This light brothy tasty lemony lentil soup is full of zing and flavor from lemon juice and spices and is the polar opposite of boring normal lentil soup!
I had a similar version in an Indian restaurant in Valencia years ago and I could NOT stop thinking about it!
Enter my efforts to reproduce that soup, resulting in this light lemon lentil soup with Indian flavours, both vegan and gluten-free.
A light zingy lemony broth with plenty of ginger and cilantro, both ground and fresh, and split yellow lentils cooked until soft and whisked, result in a more delicate version than the usual stodgy lentil soup.

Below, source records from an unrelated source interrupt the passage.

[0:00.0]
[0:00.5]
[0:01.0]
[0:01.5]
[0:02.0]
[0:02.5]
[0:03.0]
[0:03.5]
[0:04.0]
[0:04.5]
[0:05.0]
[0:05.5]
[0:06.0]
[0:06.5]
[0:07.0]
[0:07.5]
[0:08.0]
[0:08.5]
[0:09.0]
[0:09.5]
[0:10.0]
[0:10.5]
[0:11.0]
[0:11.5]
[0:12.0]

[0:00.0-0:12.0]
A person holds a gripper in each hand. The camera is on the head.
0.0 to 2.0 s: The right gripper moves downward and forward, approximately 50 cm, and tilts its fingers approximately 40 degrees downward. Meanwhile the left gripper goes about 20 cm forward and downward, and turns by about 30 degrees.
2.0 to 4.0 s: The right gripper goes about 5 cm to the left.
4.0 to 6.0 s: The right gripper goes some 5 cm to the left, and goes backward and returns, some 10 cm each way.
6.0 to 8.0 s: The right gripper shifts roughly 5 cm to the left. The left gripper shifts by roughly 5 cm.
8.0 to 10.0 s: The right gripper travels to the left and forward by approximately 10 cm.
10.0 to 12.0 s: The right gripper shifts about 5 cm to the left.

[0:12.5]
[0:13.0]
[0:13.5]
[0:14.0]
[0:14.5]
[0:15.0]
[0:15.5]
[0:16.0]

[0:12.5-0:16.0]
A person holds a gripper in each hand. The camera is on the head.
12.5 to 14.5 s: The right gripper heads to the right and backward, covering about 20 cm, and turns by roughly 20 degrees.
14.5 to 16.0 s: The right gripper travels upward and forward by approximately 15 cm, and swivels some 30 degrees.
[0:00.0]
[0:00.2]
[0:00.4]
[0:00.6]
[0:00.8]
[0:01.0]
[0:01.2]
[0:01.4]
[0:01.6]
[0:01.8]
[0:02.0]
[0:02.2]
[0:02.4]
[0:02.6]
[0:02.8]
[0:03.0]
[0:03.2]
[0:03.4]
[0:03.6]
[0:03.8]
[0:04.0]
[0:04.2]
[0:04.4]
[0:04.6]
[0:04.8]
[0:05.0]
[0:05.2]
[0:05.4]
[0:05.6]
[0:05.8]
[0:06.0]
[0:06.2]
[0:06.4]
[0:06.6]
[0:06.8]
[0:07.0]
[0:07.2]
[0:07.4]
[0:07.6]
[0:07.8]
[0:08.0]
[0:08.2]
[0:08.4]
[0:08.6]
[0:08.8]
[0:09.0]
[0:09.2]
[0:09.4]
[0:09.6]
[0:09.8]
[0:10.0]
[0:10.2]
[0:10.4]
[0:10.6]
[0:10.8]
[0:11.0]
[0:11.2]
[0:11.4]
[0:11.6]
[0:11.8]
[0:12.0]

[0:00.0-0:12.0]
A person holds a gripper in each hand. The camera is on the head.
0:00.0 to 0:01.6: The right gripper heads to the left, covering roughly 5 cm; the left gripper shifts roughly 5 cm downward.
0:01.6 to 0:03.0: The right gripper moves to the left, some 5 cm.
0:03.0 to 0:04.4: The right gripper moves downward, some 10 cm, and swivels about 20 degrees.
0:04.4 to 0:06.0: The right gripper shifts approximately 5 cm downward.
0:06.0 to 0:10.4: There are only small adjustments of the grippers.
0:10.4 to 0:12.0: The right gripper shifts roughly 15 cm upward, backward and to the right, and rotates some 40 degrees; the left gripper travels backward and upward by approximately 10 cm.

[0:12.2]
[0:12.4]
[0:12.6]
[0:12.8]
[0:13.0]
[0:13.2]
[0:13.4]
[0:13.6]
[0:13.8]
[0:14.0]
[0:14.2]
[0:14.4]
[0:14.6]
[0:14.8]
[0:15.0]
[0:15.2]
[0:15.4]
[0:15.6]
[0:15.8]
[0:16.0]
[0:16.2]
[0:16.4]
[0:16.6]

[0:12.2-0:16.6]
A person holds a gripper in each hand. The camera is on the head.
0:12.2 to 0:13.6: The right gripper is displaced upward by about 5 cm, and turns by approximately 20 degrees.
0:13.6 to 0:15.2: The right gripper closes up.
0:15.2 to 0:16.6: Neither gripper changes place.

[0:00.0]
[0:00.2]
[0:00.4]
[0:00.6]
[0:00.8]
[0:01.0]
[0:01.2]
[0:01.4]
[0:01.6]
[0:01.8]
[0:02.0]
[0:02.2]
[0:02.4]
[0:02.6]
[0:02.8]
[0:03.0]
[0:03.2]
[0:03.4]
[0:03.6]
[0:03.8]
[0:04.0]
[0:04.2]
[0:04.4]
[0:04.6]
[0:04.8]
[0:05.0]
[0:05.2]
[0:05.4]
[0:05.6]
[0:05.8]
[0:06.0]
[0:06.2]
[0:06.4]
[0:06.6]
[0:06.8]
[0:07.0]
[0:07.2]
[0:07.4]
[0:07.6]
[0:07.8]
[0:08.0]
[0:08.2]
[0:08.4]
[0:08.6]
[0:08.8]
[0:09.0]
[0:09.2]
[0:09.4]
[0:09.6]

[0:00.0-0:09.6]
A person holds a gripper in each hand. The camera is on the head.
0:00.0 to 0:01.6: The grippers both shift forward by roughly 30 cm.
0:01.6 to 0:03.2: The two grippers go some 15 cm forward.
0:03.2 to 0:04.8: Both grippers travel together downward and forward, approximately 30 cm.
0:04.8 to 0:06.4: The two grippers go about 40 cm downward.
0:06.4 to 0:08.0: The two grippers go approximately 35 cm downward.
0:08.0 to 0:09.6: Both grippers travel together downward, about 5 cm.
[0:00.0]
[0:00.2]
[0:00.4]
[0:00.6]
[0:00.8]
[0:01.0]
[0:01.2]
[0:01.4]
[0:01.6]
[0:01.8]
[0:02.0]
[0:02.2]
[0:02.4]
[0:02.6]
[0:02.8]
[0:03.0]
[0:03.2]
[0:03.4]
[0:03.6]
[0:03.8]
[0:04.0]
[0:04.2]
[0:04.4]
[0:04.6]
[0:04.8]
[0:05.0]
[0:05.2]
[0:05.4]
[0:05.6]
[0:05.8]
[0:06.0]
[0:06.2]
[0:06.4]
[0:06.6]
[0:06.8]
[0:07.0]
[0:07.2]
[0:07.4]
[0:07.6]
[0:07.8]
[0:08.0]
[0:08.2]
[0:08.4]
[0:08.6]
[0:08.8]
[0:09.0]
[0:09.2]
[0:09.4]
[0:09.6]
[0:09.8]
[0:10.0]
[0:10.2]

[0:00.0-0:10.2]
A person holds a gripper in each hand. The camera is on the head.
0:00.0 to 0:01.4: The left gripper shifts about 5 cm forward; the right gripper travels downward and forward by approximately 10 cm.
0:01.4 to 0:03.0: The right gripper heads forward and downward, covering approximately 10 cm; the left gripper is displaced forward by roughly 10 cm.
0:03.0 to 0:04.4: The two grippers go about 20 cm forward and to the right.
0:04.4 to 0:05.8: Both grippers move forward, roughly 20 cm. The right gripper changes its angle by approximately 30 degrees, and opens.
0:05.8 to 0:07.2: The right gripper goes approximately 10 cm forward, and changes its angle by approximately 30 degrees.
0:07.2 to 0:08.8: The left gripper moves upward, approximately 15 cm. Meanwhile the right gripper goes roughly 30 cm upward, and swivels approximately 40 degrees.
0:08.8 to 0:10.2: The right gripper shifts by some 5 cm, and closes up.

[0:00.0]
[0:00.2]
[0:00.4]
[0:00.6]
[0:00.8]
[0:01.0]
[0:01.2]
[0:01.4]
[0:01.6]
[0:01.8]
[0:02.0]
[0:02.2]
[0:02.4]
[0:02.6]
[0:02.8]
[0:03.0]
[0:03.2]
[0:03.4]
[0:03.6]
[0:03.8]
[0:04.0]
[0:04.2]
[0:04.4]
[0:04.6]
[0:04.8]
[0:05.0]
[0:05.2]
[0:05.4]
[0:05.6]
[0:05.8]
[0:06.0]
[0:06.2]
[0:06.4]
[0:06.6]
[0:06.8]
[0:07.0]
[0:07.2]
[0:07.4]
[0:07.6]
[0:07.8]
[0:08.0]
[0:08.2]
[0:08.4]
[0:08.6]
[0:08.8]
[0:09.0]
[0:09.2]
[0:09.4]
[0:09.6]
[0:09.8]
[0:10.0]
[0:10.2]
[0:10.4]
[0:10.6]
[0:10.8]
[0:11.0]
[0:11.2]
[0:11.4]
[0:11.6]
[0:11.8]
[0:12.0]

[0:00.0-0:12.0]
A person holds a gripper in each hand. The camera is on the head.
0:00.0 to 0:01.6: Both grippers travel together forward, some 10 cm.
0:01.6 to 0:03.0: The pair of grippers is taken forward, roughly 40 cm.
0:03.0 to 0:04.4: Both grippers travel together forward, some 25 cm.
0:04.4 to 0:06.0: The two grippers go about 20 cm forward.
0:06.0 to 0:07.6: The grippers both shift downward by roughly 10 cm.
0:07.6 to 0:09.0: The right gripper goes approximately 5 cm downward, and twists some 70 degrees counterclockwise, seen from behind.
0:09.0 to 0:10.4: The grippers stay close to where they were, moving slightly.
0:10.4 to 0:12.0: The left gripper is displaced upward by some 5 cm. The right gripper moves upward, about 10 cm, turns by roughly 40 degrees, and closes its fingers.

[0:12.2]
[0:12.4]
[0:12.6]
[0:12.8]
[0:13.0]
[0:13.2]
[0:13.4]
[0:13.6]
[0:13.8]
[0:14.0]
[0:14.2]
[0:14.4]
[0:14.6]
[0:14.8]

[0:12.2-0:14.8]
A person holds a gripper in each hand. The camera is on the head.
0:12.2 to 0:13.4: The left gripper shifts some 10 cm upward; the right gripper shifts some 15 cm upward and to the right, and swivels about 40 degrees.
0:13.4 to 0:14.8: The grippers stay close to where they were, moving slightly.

You can cook it on the stovetop, in a pressure cooker or in the instant pot, and no matter which way you choose to make it, it’ll be ready in 20 minutes or less. It’s nearly as easy as my easy creamy vegan tomato soup!
Is it good for you?
This soup just brings so many benefits to the table I can’t even name them at all, but to name a few:
- It’s full of vitamins and minerals, particularly iron, and lentils are a great source of protein.
- All that vitamin C in the lemon juice increases the iron uptake
- It has turmeric, known for its anti-inflammatory properties.
- It’s low calorie.
- It’s quick.
- It’s a one-pot meal, so less washing up!
- As I said before, it’s vegan and gluten-free.
- Super easy to prepare, just chop an onion, crush some garlic grate some ginger, throw everything into the pot, and done!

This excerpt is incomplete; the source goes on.